## Material for this task
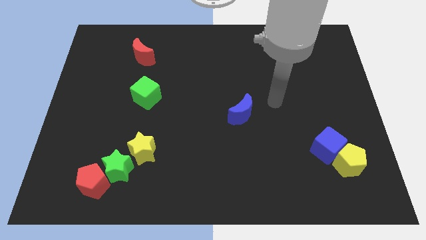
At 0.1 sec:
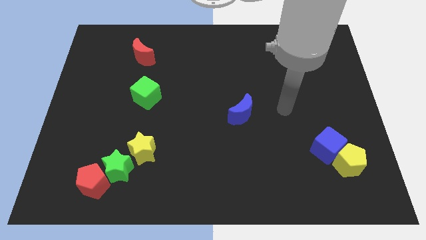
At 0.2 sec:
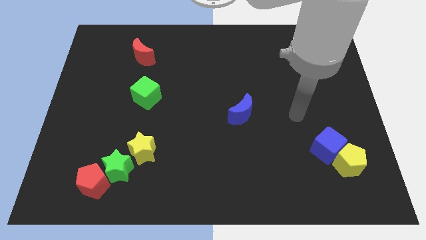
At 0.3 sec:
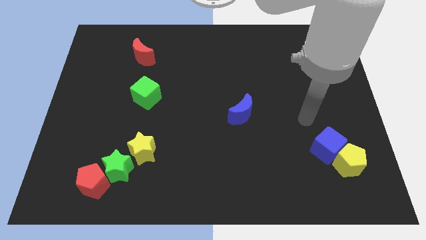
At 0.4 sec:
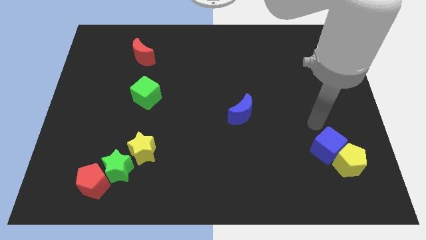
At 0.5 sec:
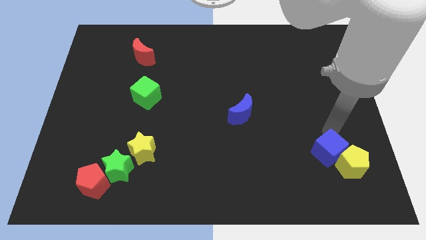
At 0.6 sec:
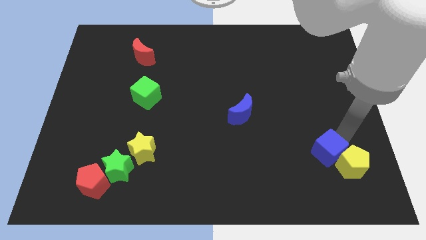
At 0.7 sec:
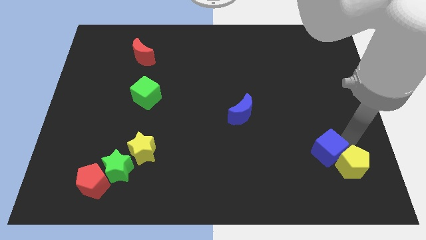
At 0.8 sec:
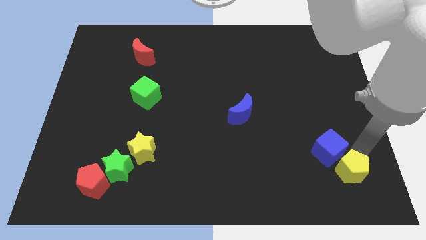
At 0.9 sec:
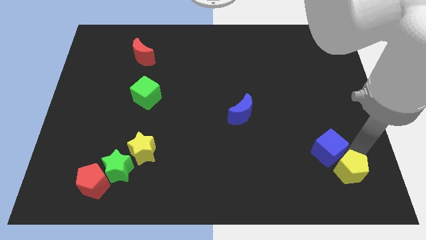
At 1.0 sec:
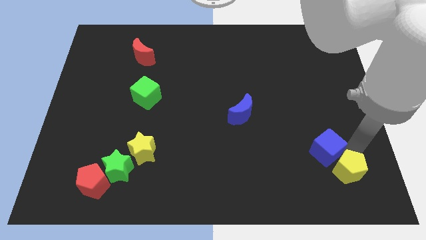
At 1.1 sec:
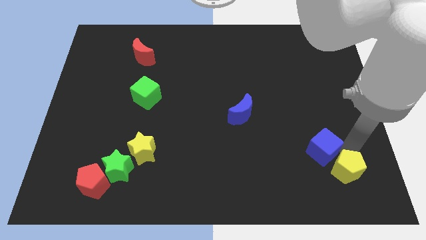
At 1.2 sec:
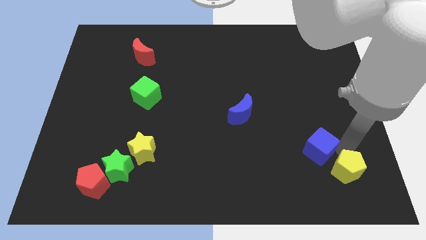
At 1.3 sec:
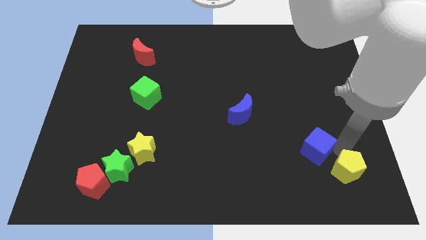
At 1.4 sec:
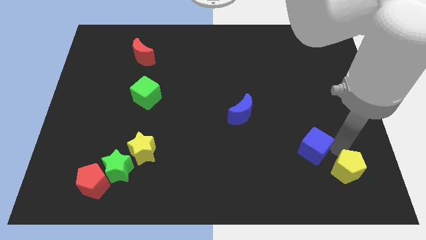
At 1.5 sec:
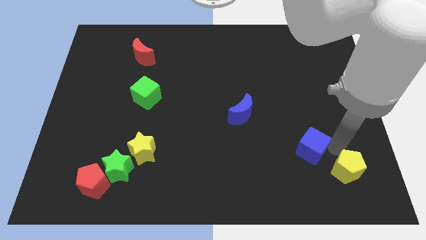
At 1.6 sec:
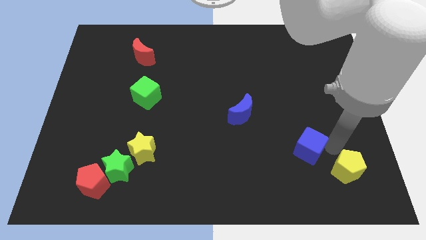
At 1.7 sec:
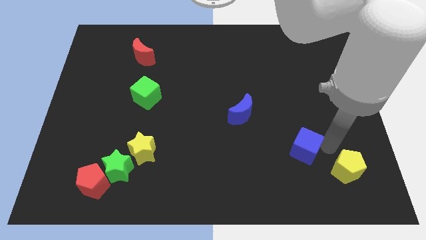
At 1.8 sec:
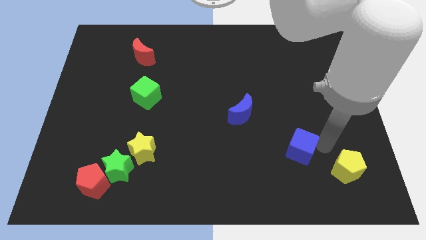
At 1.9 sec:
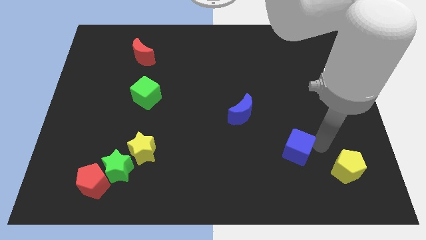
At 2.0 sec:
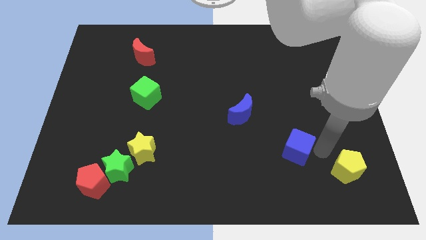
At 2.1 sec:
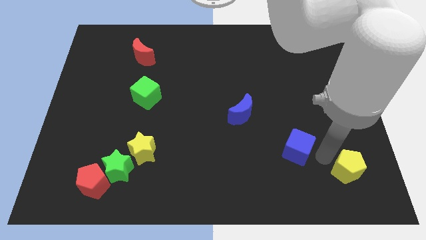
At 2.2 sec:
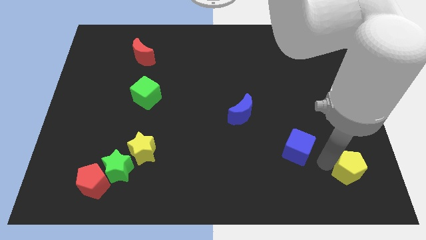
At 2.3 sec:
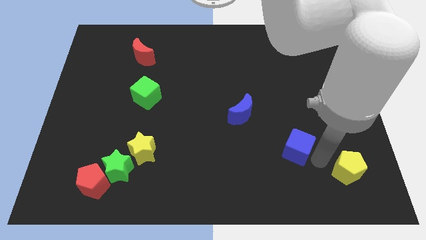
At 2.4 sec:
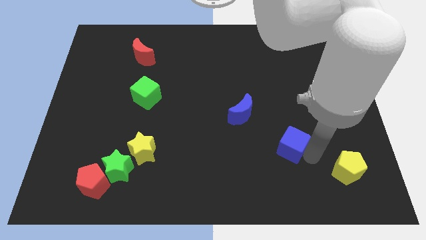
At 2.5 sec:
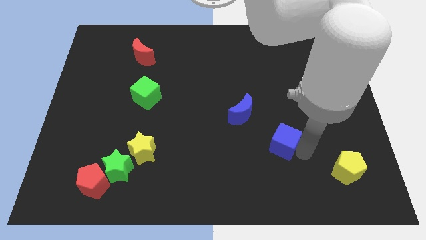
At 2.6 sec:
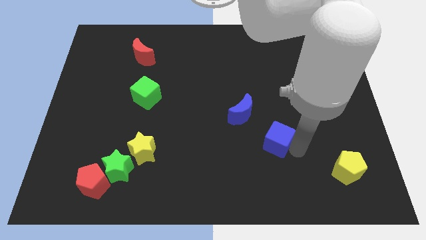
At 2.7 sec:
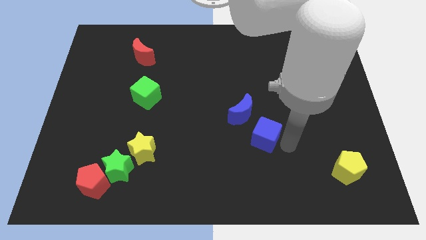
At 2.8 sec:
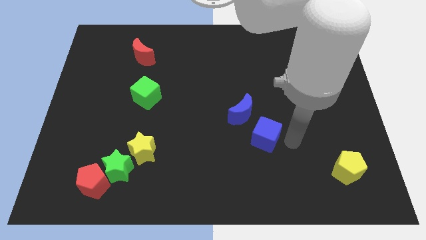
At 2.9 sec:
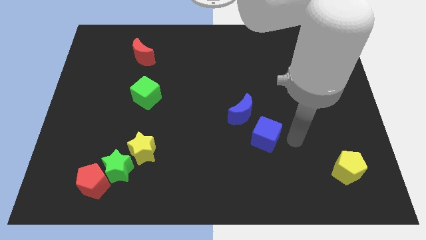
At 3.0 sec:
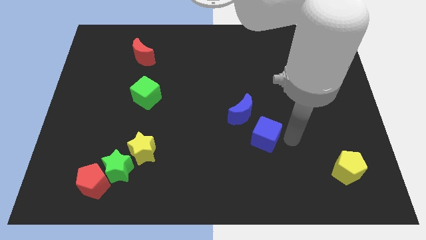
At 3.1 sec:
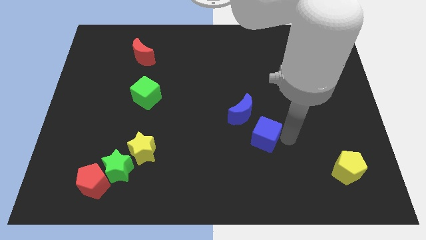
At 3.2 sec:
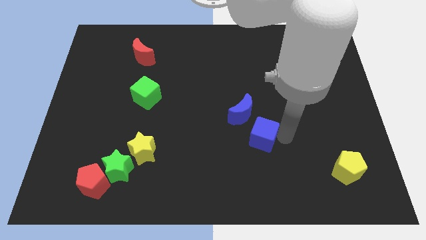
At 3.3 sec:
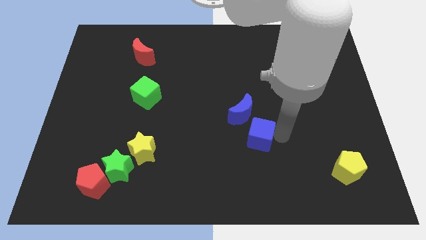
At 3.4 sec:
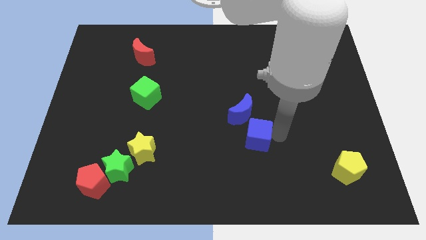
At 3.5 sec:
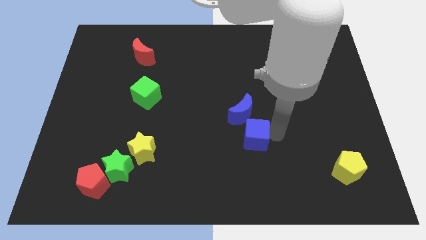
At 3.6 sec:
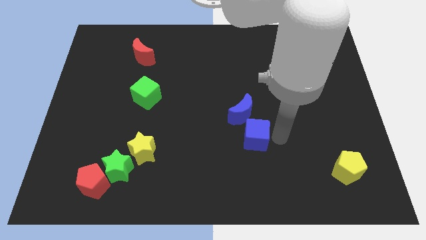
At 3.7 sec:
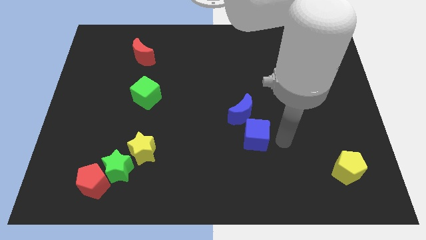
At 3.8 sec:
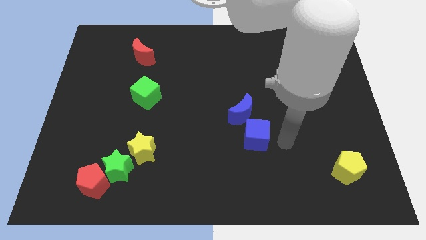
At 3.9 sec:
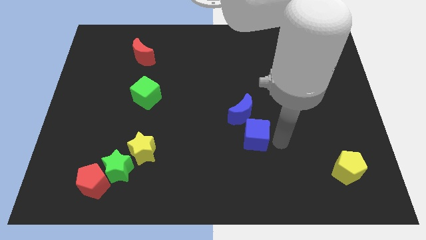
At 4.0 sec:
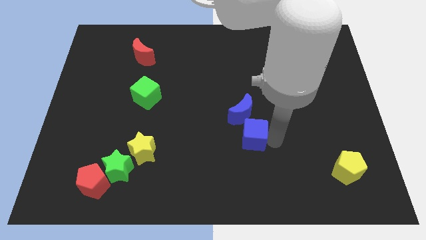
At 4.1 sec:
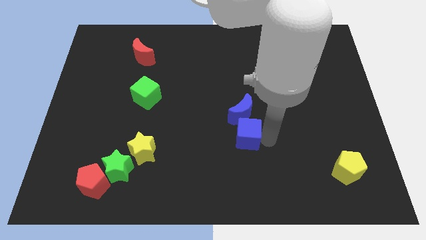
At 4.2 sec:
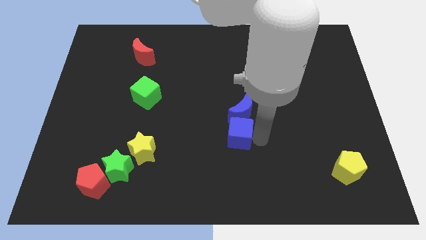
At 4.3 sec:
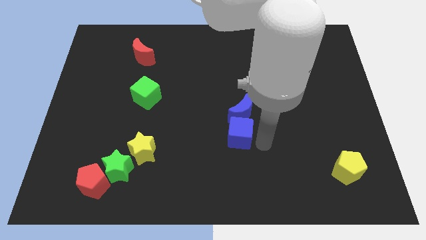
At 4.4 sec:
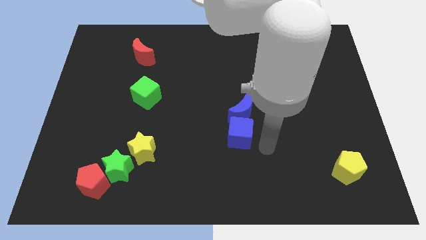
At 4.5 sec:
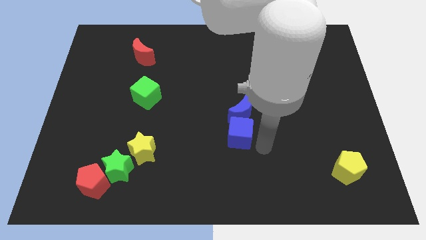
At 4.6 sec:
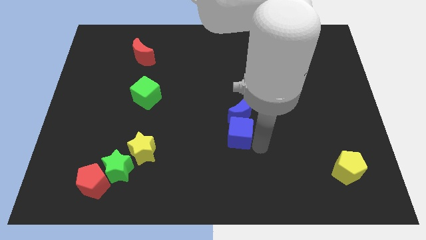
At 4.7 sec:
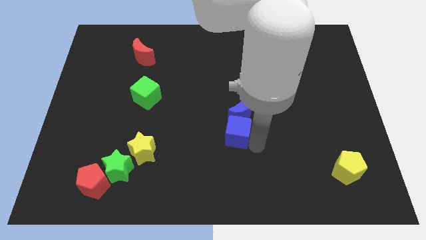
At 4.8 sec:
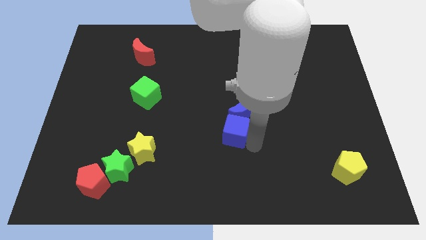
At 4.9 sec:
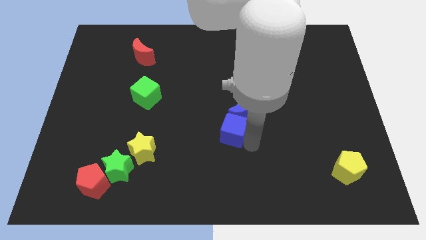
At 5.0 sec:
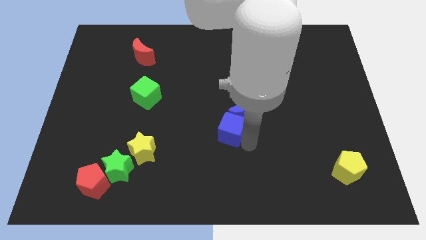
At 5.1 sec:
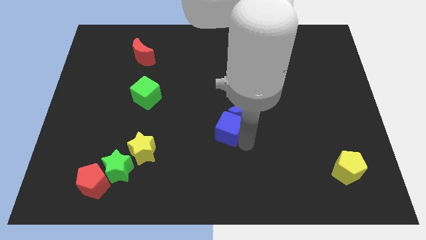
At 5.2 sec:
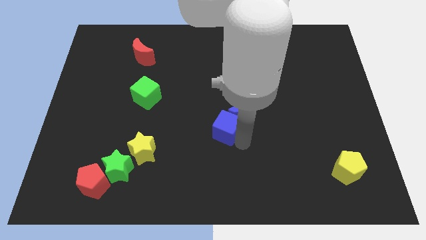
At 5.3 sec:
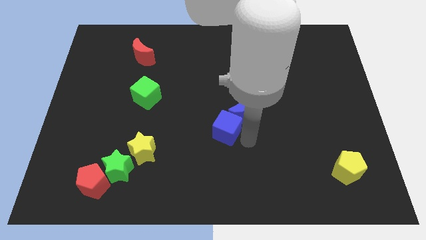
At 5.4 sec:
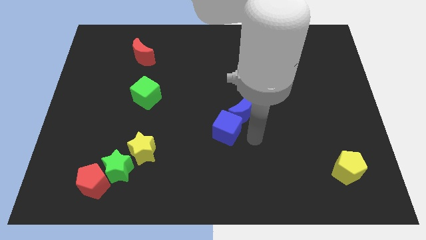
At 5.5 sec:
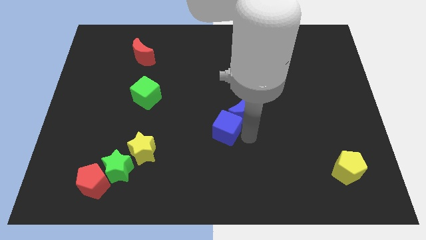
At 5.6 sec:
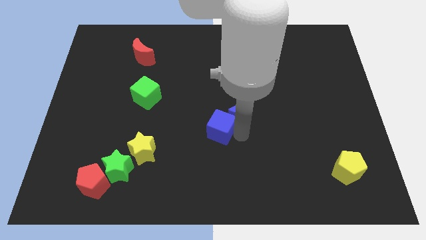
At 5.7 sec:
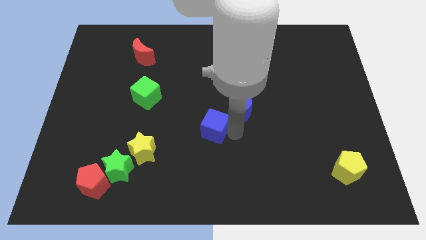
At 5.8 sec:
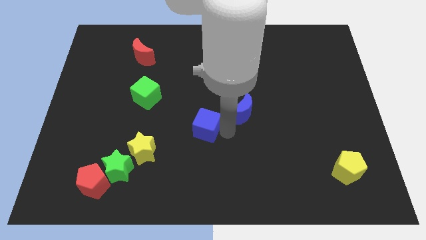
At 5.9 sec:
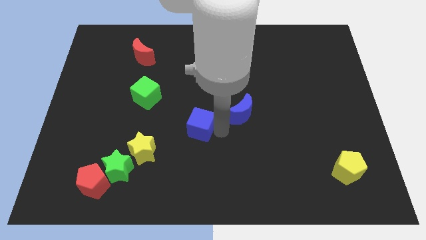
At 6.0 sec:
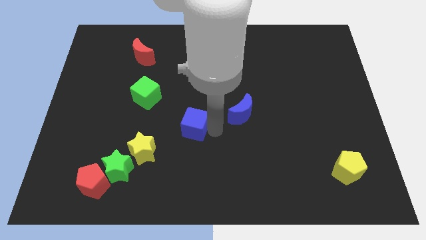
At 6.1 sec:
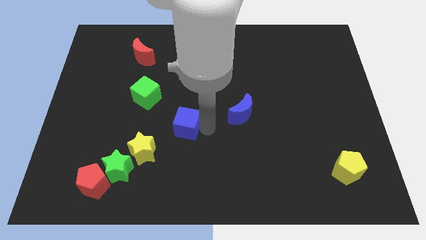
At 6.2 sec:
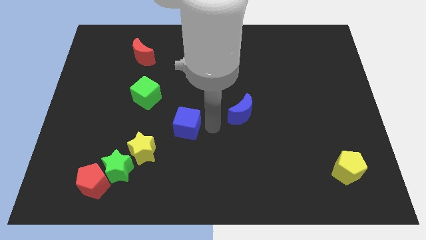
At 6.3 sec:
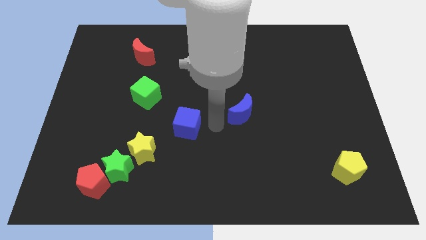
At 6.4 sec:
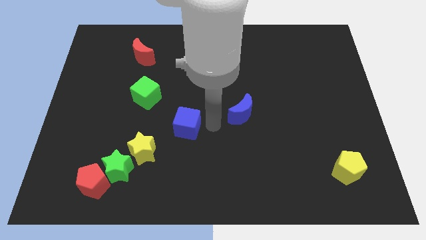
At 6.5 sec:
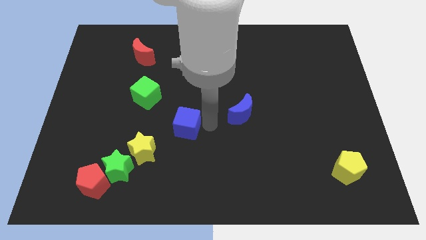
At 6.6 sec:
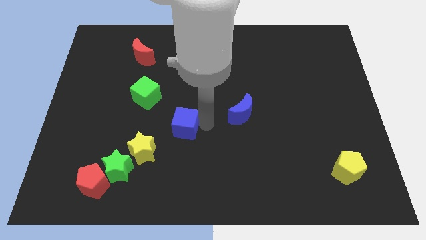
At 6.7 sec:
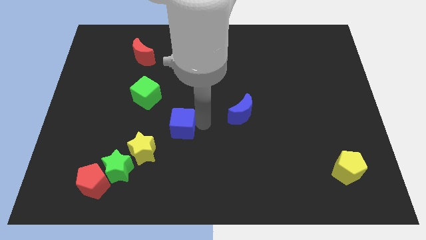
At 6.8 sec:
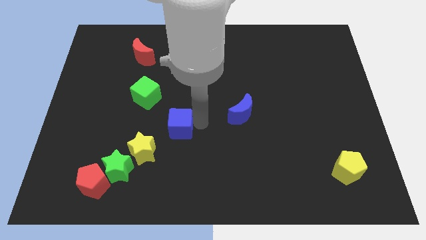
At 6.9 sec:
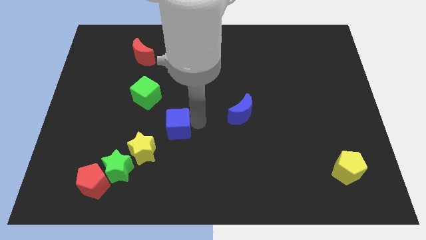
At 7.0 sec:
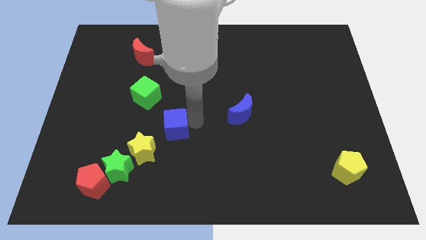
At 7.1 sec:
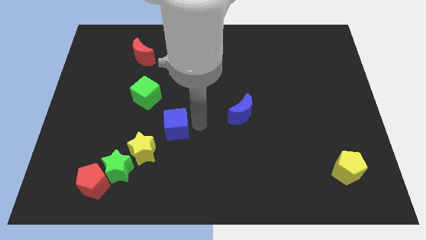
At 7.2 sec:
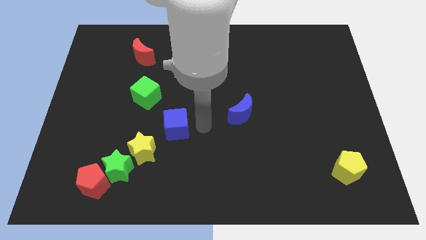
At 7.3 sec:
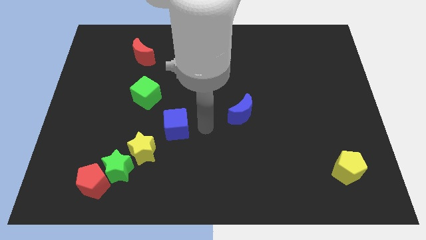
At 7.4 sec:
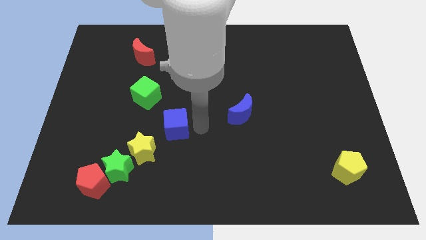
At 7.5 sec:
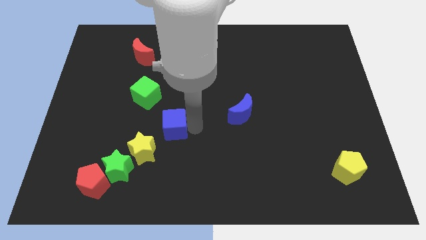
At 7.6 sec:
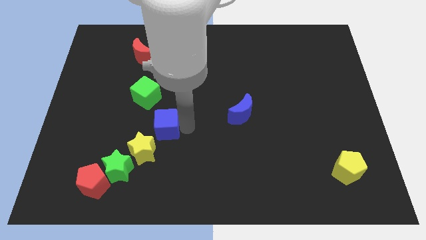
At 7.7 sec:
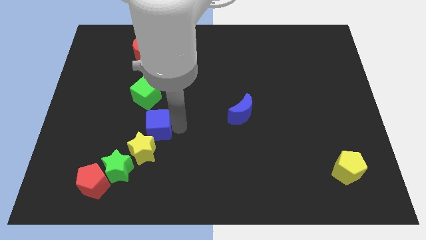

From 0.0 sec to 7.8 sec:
push the blue cube below the green cube

## What is expected
Return the data exactly. Do not carry over any images.

## Solution
At 0.1 sec:
At 0.2 sec:
At 0.3 sec:
At 0.4 sec:
At 0.5 sec:
At 0.6 sec:
At 0.7 sec:
At 0.8 sec:
At 0.9 sec:
At 1.0 sec:
At 1.1 sec:
At 1.2 sec:
At 1.3 sec:
At 1.4 sec:
At 1.5 sec:
At 1.6 sec:
At 1.7 sec:
At 1.8 sec:
At 1.9 sec:
At 2.0 sec:
At 2.1 sec:
At 2.2 sec:
At 2.3 sec:
At 2.4 sec:
At 2.5 sec:
At 2.6 sec:
At 2.7 sec:
At 2.8 sec:
At 2.9 sec:
At 3.0 sec:
At 3.1 sec:
At 3.2 sec:
At 3.3 sec:
At 3.4 sec:
At 3.5 sec:
At 3.6 sec:
At 3.7 sec:
At 3.8 sec:
At 3.9 sec:
At 4.0 sec:
At 4.1 sec:
At 4.2 sec:
At 4.3 sec:
At 4.4 sec:
At 4.5 sec:
At 4.6 sec:
At 4.7 sec:
At 4.8 sec:
At 4.9 sec:
At 5.0 sec:
At 5.1 sec:
At 5.2 sec:
At 5.3 sec:
At 5.4 sec:
At 5.5 sec:
At 5.6 sec:
At 5.7 sec:
At 5.8 sec:
At 5.9 sec:
At 6.0 sec:
At 6.1 sec:
At 6.2 sec:
At 6.3 sec:
At 6.4 sec:
At 6.5 sec:
At 6.6 sec:
At 6.7 sec:
At 6.8 sec:
At 6.9 sec:
At 7.0 sec:
At 7.1 sec:
At 7.2 sec:
At 7.3 sec:
At 7.4 sec:
At 7.5 sec:
At 7.6 sec:
At 7.7 sec:

From 0.0 sec to 7.8 sec:
push the blue cube below the green cube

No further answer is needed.